### Records provided
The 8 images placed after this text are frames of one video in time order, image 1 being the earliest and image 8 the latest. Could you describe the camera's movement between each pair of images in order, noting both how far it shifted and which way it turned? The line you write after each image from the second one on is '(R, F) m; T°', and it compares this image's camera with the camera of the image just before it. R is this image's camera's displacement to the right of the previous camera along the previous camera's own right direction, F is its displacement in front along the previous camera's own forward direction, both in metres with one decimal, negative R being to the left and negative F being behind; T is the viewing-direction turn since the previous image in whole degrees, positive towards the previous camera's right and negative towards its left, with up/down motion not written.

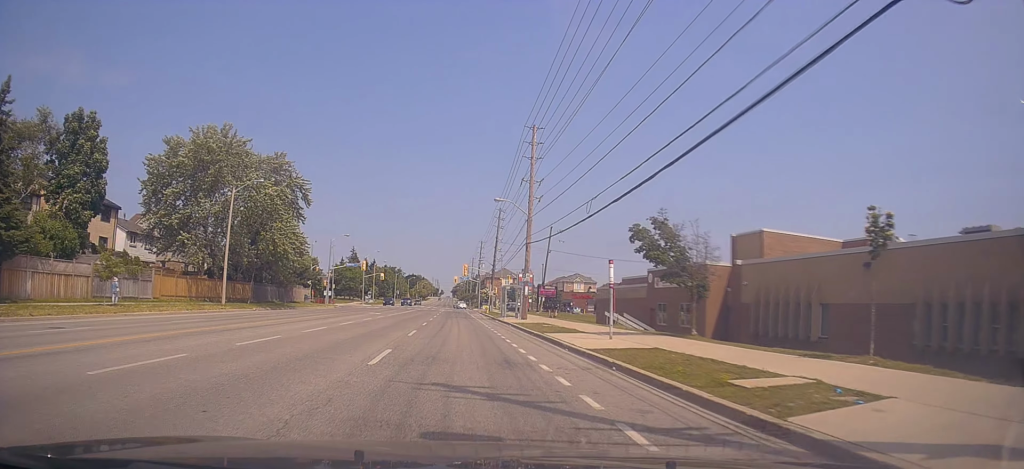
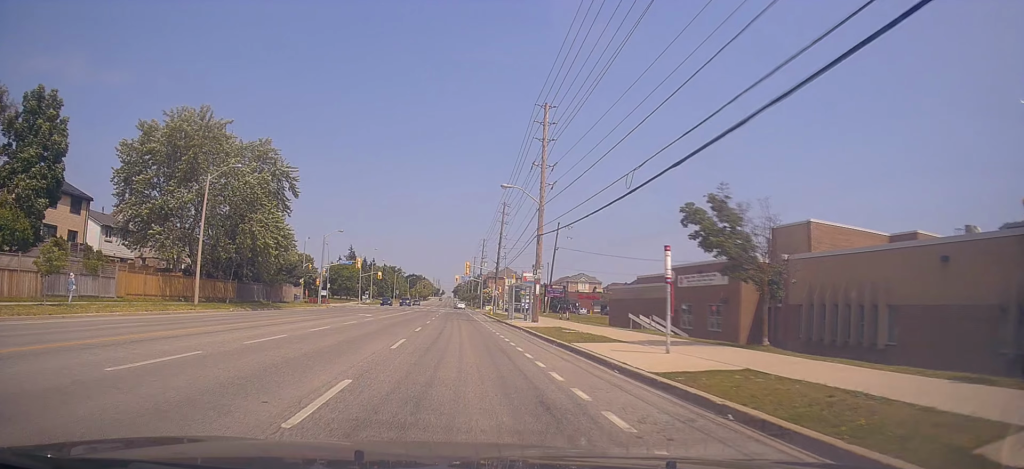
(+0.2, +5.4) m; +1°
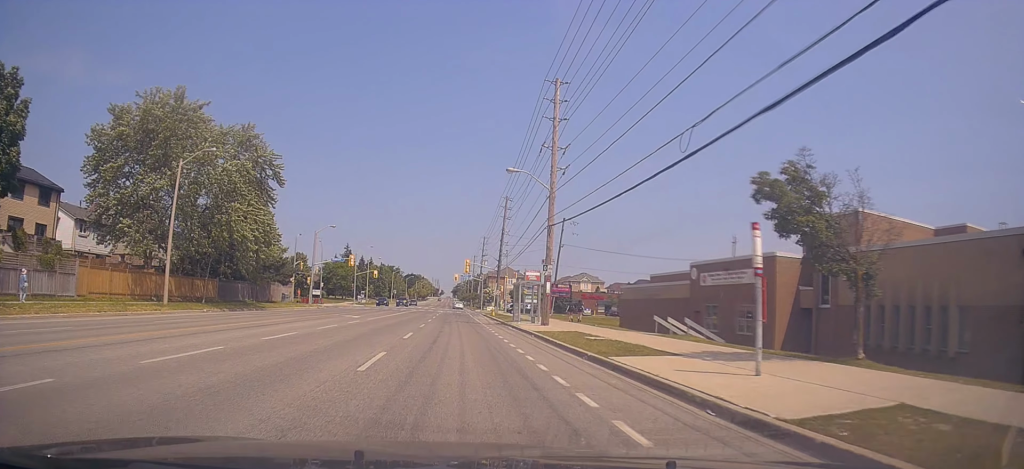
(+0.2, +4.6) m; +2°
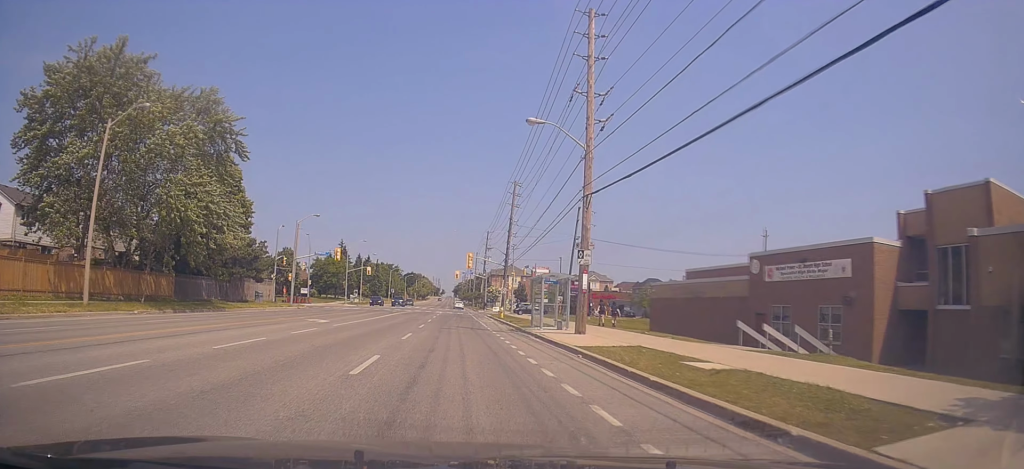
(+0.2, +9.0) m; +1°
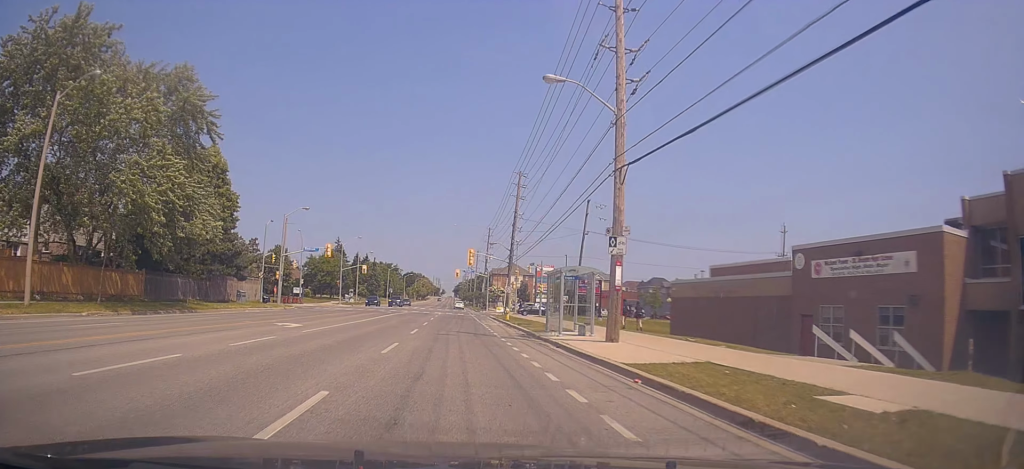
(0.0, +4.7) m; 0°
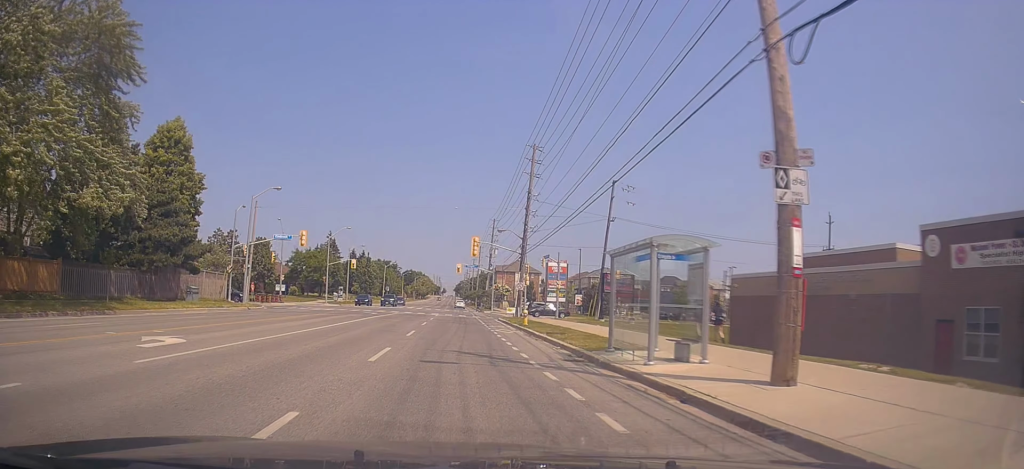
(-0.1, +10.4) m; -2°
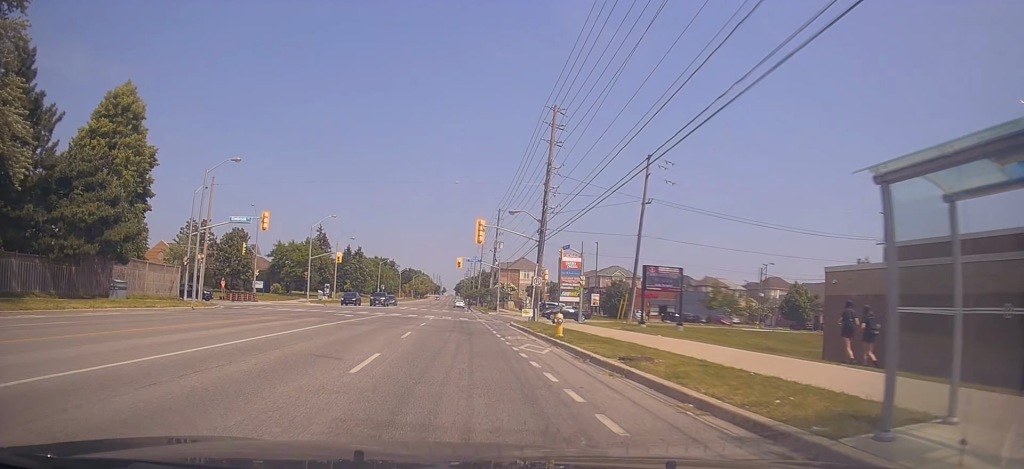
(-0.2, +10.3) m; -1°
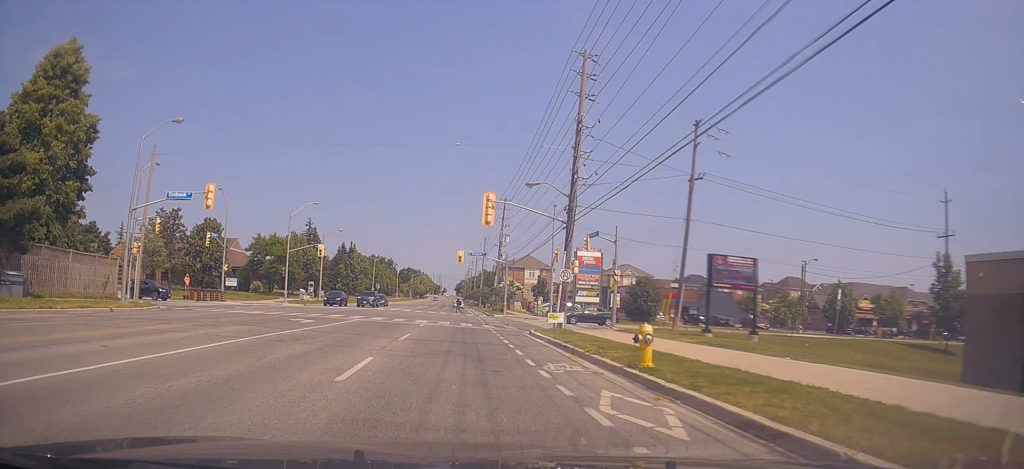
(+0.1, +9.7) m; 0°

### Your assignment
Each record above is to be returned unchanged, while any picture it holds stays out.

### Answer space
The 8 images placed after this text are frames of one video in time order, image 1 being the earliest and image 8 the latest. Could you describe the camera's movement between each pair of images in order, noting both how far it shifted and which way it turned? The line you write after each image from the second one on is '(R, F) m; T°', and it compares this image's camera with the camera of the image just before it. R is this image's camera's displacement to the right of the previous camera along the previous camera's own right direction, F is its displacement in front along the previous camera's own forward direction, both in metres with one decimal, negative R being to the left and negative F being behind; T is the viewing-direction turn since the previous image in whole degrees, positive towards the previous camera's right and negative towards its left, with up/down motion not written.

(+0.2, +5.4) m; +1°
(+0.2, +4.6) m; +2°
(+0.2, +9.0) m; +1°
(0.0, +4.7) m; 0°
(-0.1, +10.4) m; -2°
(-0.2, +10.3) m; -1°
(+0.1, +9.7) m; 0°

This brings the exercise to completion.